Clinical characteristics of the 78 participants are presented in Table 1 as mean ± standard deviation, or number of subjects (percentage). The calculated mean age for both groups was 65.4 for PC and 70.5 for BPH patients, respectively. Overall, patients diagnosed with PC were younger than those with BPH (p < 0.05). Positive surgical margins (PSM) were detected in four patients with PC, and only two of them had BCR following local treatment.

Table 1. Clinical characteristics of all participants in the study.

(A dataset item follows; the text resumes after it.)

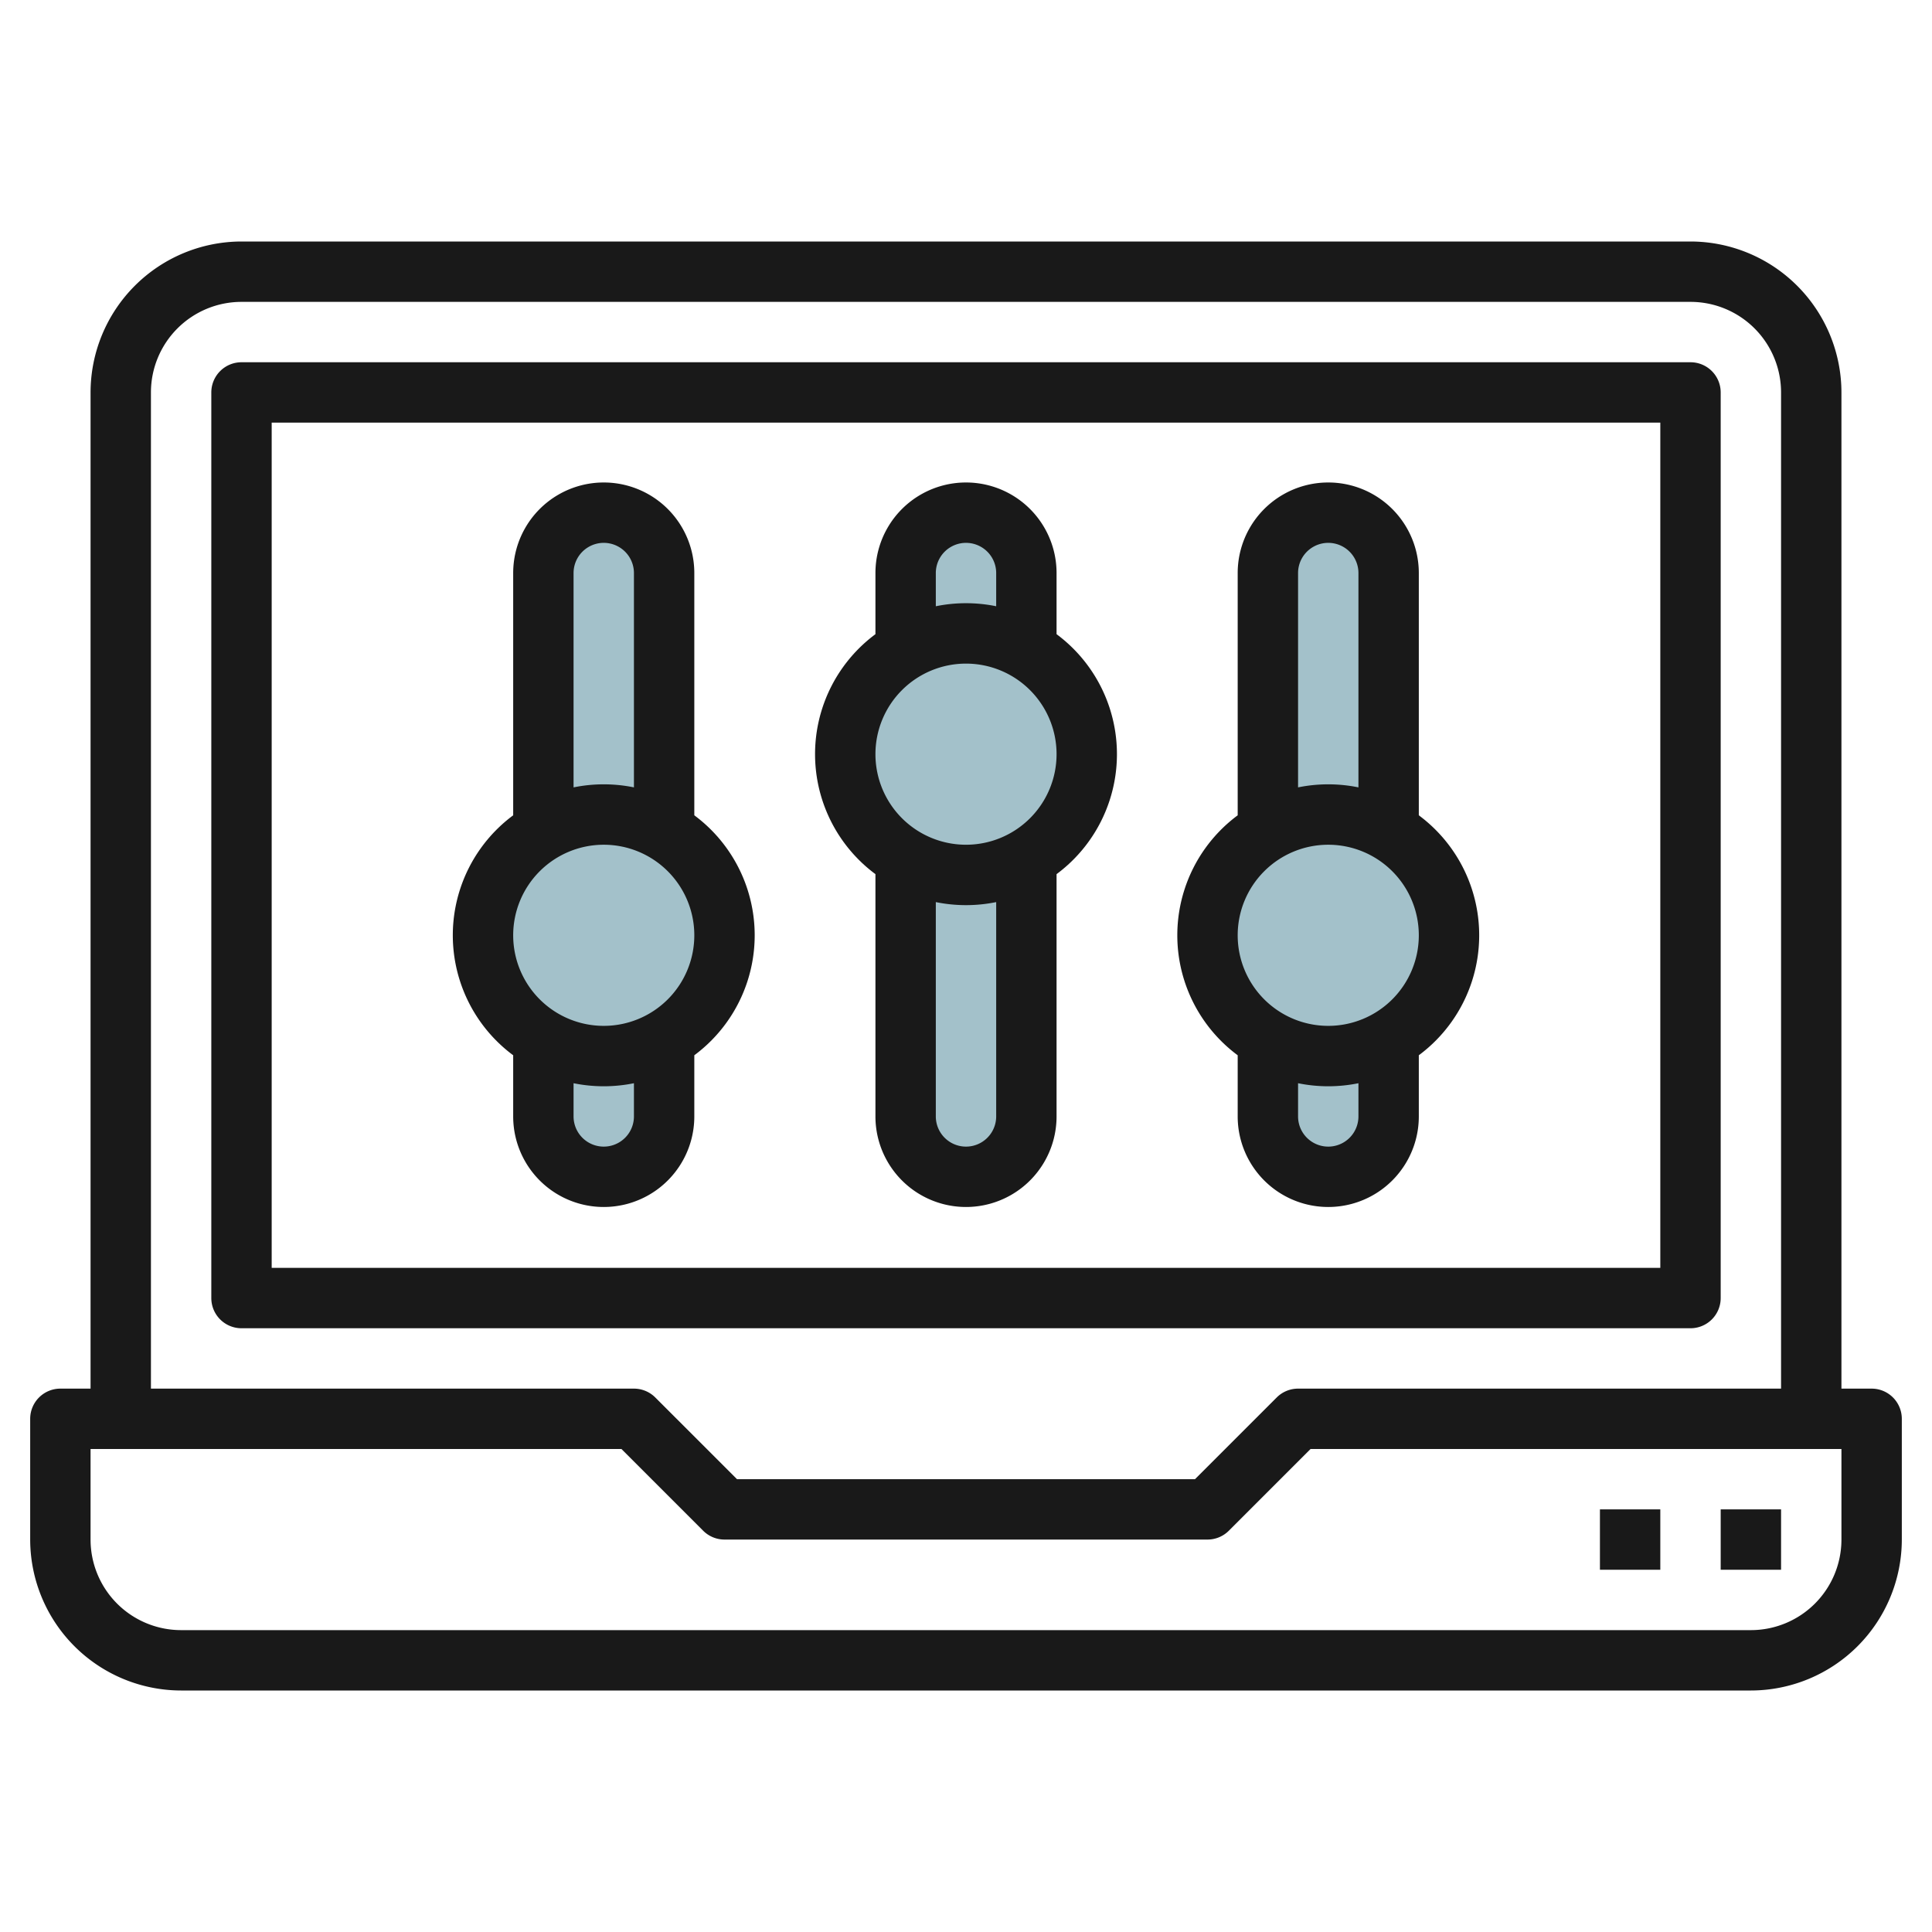 <svg id="Layer_3" height="512" viewBox="0 0 64 64" width="512" xmlns="http://www.w3.org/2000/svg" data-name="Layer 3"><rect fill="#a3c1ca" height="22.017" rx="2" width="4" x="42" y="16.983"/><circle cx="44" cy="31" fill="#a3c1ca" r="4"/><rect fill="#a3c1ca" height="22.017" rx="2" width="4" x="18" y="16.983"/><rect fill="#a3c1ca" height="22.017" rx="2" width="4" x="30" y="16.983"/><circle cx="20" cy="30.983" fill="#a3c1ca" r="4"/><circle cx="32" cy="25" fill="#a3c1ca" r="4"/><g fill="#191919"><path d="m57 50h2v2h-2z"/><path d="m62 46h-1v-33a5.006 5.006 0 0 0 -5-5h-48a5.006 5.006 0 0 0 -5 5v33h-1a1 1 0 0 0 -1 1v4a5.006 5.006 0 0 0 5 5h52a5.006 5.006 0 0 0 5-5v-4a1 1 0 0 0 -1-1zm-57-33a3 3 0 0 1 3-3h48a3 3 0 0 1 3 3v33h-16a1 1 0 0 0 -.707.293l-2.707 2.707h-15.172l-2.707-2.707a1 1 0 0 0 -.707-.293h-16zm56 38a3 3 0 0 1 -3 3h-52a3 3 0 0 1 -3-3v-3h17.586l2.707 2.707a1 1 0 0 0 .707.293h16a1 1 0 0 0 .707-.293l2.707-2.707h17.586z"/><path d="m53 50h2v2h-2z"/><path d="m57 43v-30a1 1 0 0 0 -1-1h-48a1 1 0 0 0 -1 1v30a1 1 0 0 0 1 1h48a1 1 0 0 0 1-1zm-2-1h-46v-28h46z"/><path d="m17 34.957v2.026a3 3 0 0 0 6 0v-2.026a4.949 4.949 0 0 0 0-7.949v-8.025a3 3 0 0 0 -6 0v8.025a4.949 4.949 0 0 0 0 7.949zm4 2.026a1 1 0 0 1 -2 0v-1.1a5 5 0 0 0 2 0zm-2-18a1 1 0 0 1 2 0v7.1a5 5 0 0 0 -2 0zm1 9a3 3 0 1 1 -3 3 3 3 0 0 1 3-3z"/><path d="m29 28.957v8.026a3 3 0 1 0 6 0v-8.026a4.949 4.949 0 0 0 0-7.949v-2.025a3 3 0 0 0 -6 0v2.025a4.949 4.949 0 0 0 0 7.949zm4 8.026a1 1 0 1 1 -2 0v-7.1a5 5 0 0 0 2 0zm-2-18a1 1 0 0 1 2 0v1.1a5 5 0 0 0 -2 0zm1 3a3 3 0 1 1 -3 3 3 3 0 0 1 3-3z"/><path d="m41 34.957v2.026a3 3 0 1 0 6 0v-2.026a4.949 4.949 0 0 0 0-7.949v-8.025a3 3 0 0 0 -6 0v8.025a4.949 4.949 0 0 0 0 7.949zm4 2.026a1 1 0 1 1 -2 0v-1.1a5 5 0 0 0 2 0zm-2-18a1 1 0 0 1 2 0v7.1a5 5 0 0 0 -2 0zm1 9a3 3 0 1 1 -3 3 3 3 0 0 1 3-3z"/></g></svg>

The frequency of all tested SNP genotypes in patients within each group is presented in Table 2. Statistically significant results regarding risk genotype distribution within the two groups were obtained for only two out of four analyzed SNPs. Therefore, from the analyzed data, we found that the heterozygous genotype of the rs2735839 (KLK3-KLK2 intragenic region) polymorphism was the most frequent within the BPH group (p = 0.042). For the rs4054823 (17p12 intragenic region), the frequency of the CT and TT genotypes were significantly higher within the PC group compared to the BPH group (p < 0.001). Within the BPH group, the CC genotype had the highest frequency (43%). Regarding the two SLCO genes, for both rs12422149 (SLCO2B1) and rs4149117 (SLCO1B3), the most frequent genotype was the GG (74%—PC group; 61%—BPH group) and the TT genotype, respectively (74%—PC group; 72%—BPH group).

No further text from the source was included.